Objective: To measure the reliability and preliminary validity of a grading instrument for editors to evaluate the quality of peer reviews.
Design: The consecutive sample design included 53 reviews of 23 manuscripts. Reviews were systematically assigned to interrater reliability (n = 41; power greater than 0.90 to detect a difference of greater than one point) and preliminary criterion-related validity (n = 12) subsamples. Content validity was closely examined.
Participants: Three graders evaluated reliability. One individual examined content validity and two editors tested preliminary criterion-related validity. INTERVENTION (INSTRUMENT)--Attributes reflecting two basic dimensions, review content and format, were identified and scored (values are possible points/percent contribution): timeliness, 3/21%; grade sheet, 1/7%; etiquette, 1/7%; sectional narratives, 3/21%; citations, 2/14%; narrative summary, 2/14%; and insights, 2/14%. A scoring guide was provided.

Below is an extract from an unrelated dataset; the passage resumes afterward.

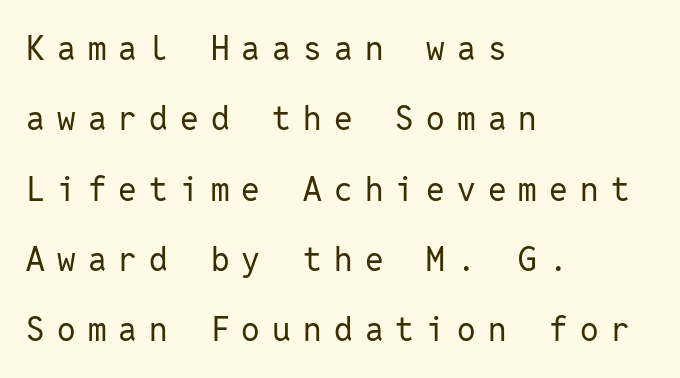
{"serif": "no", "italic": "no", "bold": "no", "weight": "regular", "width": "normal", "stroke_contrast": "low", "x_height": "medium", "monospaced": "yes", "underline": "no", "align": "left", "line_spacing": "loose", "line_spacing_ratio": 2.13, "letter_spacing": "wide", "letter_spacing_em": 0.37, "glyph_px": 33}

Main outcome measures: Statistical analyses used to test the interrater reliability of the total score included the intraclass correlation coefficient and analysis of variance with the expectation to uphold the null hypothesis. Kendall's coefficient of concordance was used to test preliminary criterion-related validity.
Results: The intraclass correlation coefficient was .84 (P < .001) and a lack of difference between mean scores was demonstrated by analysis of variance (P = .46). Content validity was confirmed and preliminary criterion-related validity was indicated (Kendall's coefficient of concordance = .94, P = .038).
Conclusions: The instrument is reliable. Content validation has been completed, and further criterion-related validation is warranted.